Accuracy of Bagging with rfm Classifier: 0.7381


In [31]:
bagging_rfm = BaggingClassifier(base_estimator = base_classifier_rfm, n_estimators=100, random_state=42)

# Train the Bagging model
bagging_rfm.fit(X_train_pca, y_train)

# Make predictions on the test set
y_pred = bagging_rfm.predict(X_test_pca)

# Calculate accuracy
accuracy = accuracy_score(y_test, y_pred)
print(f"Accuracy of Bagging with rfm Classifier: {accuracy:.4f}")

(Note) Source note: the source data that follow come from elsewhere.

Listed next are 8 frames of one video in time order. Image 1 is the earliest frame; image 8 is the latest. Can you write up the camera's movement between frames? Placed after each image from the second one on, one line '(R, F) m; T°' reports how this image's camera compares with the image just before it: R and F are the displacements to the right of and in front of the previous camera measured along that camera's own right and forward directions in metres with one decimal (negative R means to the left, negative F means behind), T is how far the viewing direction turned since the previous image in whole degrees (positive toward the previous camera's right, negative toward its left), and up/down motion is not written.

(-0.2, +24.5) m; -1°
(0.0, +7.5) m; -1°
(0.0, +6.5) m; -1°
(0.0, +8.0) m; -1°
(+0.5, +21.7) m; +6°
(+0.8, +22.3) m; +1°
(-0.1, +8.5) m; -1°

Accuracy of Bagging with rfm Classifier: 0.7619


# Bonus (15pts)

In this bonus we will implement 1-dimensional GMM clustering algorithm from scratch. A GMM distribution is composed of `k` components, each characterized by:

1. A mixture proportion
2. A mean for its Normal Distribution
3. A variance for its Normal Distribution

So, to generate a dataset that follows a GMM distrbution we need a list of those parameters. In this exercise we will use a class called `Component` to capture the parameters for a given component. And a GMM will be a list of `Component`s.

In [32]:
class Component:
    def __init__(self, mixture_prop, mean, variance):
        self.mixture_prop = mixture_prop
        self.mean = mean
        self.variance = variance

example_gmm = [Component(.5, 5, 1), Component(.5, 8, 1)]

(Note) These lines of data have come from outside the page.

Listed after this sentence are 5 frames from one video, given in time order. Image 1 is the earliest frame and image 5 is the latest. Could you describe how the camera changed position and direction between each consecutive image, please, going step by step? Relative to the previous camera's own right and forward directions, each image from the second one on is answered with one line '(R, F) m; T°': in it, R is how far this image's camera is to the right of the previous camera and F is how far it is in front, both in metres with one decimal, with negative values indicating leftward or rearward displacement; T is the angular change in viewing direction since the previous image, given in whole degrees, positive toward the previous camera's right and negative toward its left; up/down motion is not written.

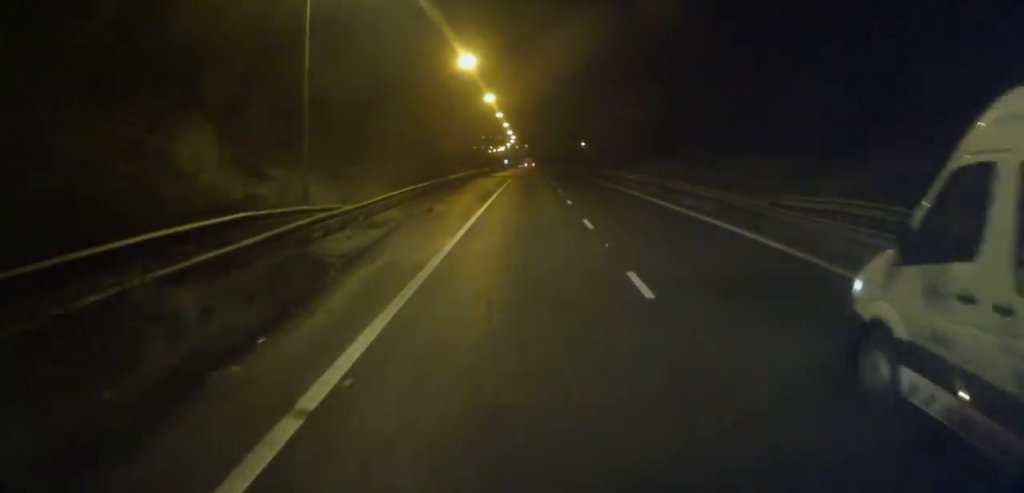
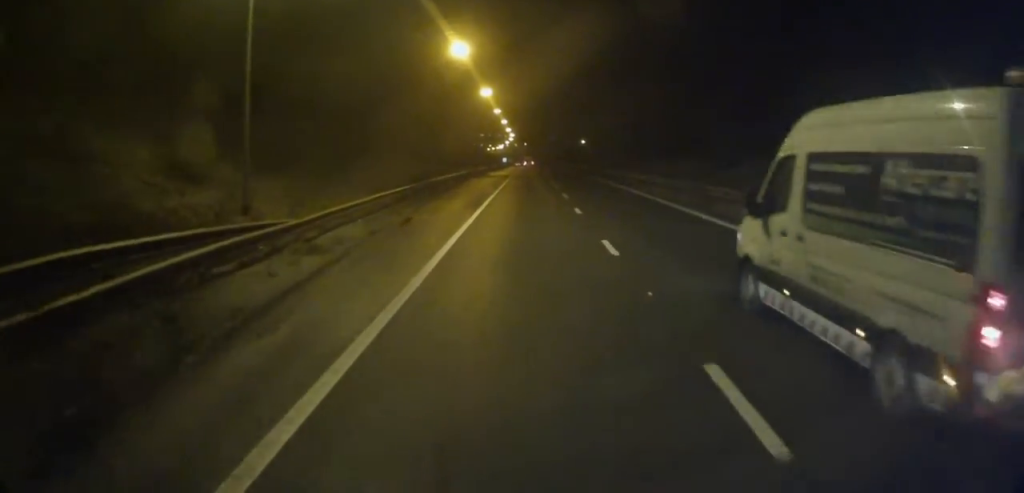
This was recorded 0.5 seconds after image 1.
(0.0, +5.0) m; 0°
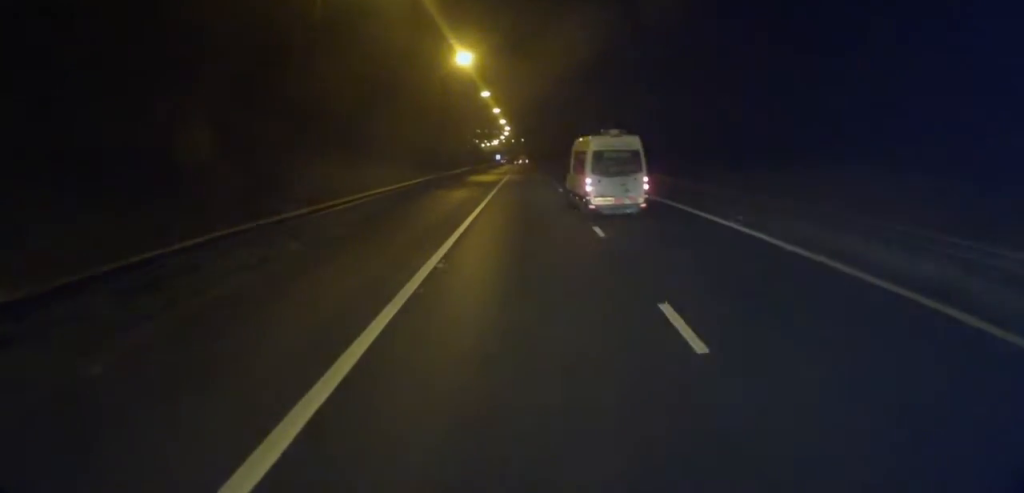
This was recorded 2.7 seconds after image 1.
(+0.7, +23.5) m; +1°
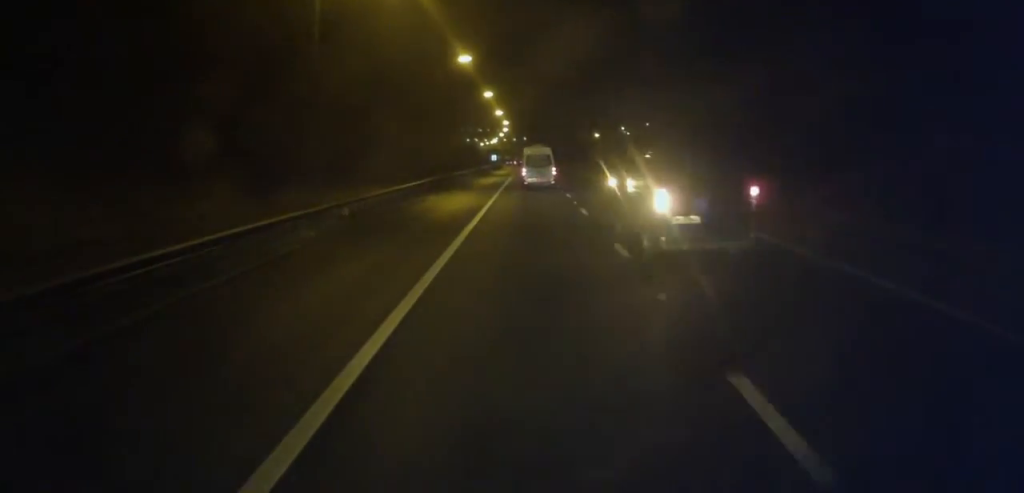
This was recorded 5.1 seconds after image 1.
(-0.4, +28.4) m; 0°
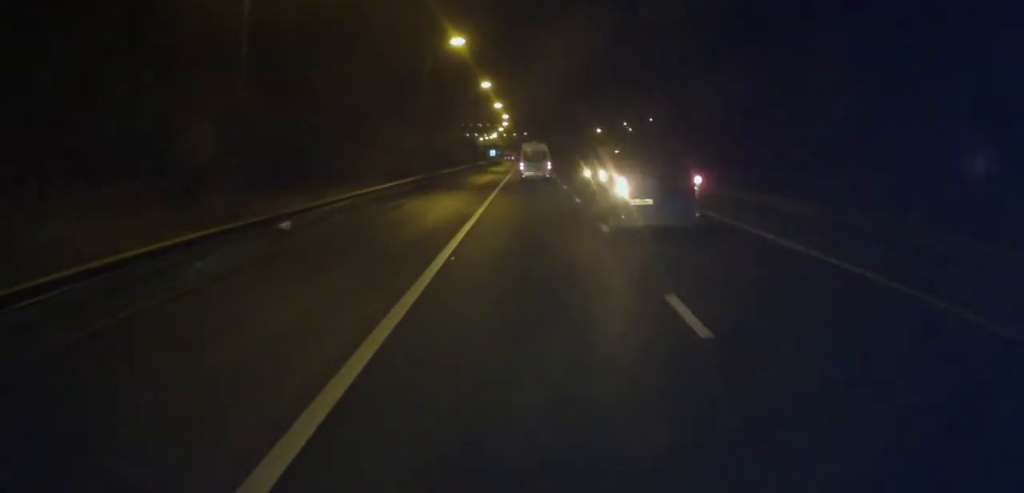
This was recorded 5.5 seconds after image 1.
(0.0, +5.6) m; 0°

a) Complete the function below to validate and generate a dataset following a GMM distribution, given a specified set of GMM parameters as above and a size. You may only use the methods already imported in the cell. (10pts)

In [33]:
from numpy.random import normal, uniform

def generate_gmm_dataset(gmm_params, size):
    if not is_valid_gmm(gmm_params):
        raise ValueError("GMM parameters are invalid")
    
    dataset = []
    for _ in range(size):
        comp = get_random_component(gmm_params)
        dataset += ...
    return dataset

def is_valid_gmm(gmm_params):
    '''
        Checks that the sum of the mixture
        proportions is 1
    '''
    return True

def get_random_component(gmm_params):
    '''
        returns component with prob
        proportional to mixture_prop
    '''
    ...
    return 

# test your code: this should return a list of 10 numbers similar to worksheet 8
data = generate_gmm_dataset(example_gmm, 10)

TypeError: 'ellipsis' object is not iterable

b) Finish the implementation below of the Expectation-Maximization Algorithm. Only use methods that have been imported in the cell. Visualize the output of your code by plotting the original mixture distribution curves and the ones learned by the EM algorithm. (15pts)

In [None]:
from scipy.stats import norm
from numpy import array, argmax
import matplotlib.pyplot as plt
from sklearn.cluster import KMeans

def gmm_init(k, dataset):
    kmeans = KMeans(k, init='k-means++').fit(X=array(dataset).reshape(-1, 1))
    gmm_params = []
    ...
    return gmm_params


def compute_gmm(k, dataset, probs):
    '''
        Compute P(C_j), mean_j, var_j
    '''
    gmm_params = []
    ...
    return gmm_params


def compute_probs(k, dataset, gmm_params):
    '''
        For all x_i in dataset, compute P(C_j | X_i)
        = P(X_i | C_j)P(C_j) / P(X_i) for all C_j
        return the list of lists of all P(C_j | X_i)
        for all x_i in dataset.
    '''
    probs = []
    ...
    return probs


def expectation_maximization(k, dataset, iterations):
    '''
        Repeat for a set number of iterations.
    '''
    gmm_params = gmm_init(k, dataset)
    for _ in range(iterations):
        # expectation step
        probs = compute_probs(k, dataset, gmm_params)

        # maximization step
        gmm_params = compute_gmm(k, dataset, probs)

    return probs, gmm_params

Notes:

1. your code should work with any number of components, each with reasonable parameters.
2. your code should work for 1 to about 5 iterations of the EM algorithm. It may not work for iterations over 10 because the math we are doing may overflow and create `nans` - that's ok / don't worry about it.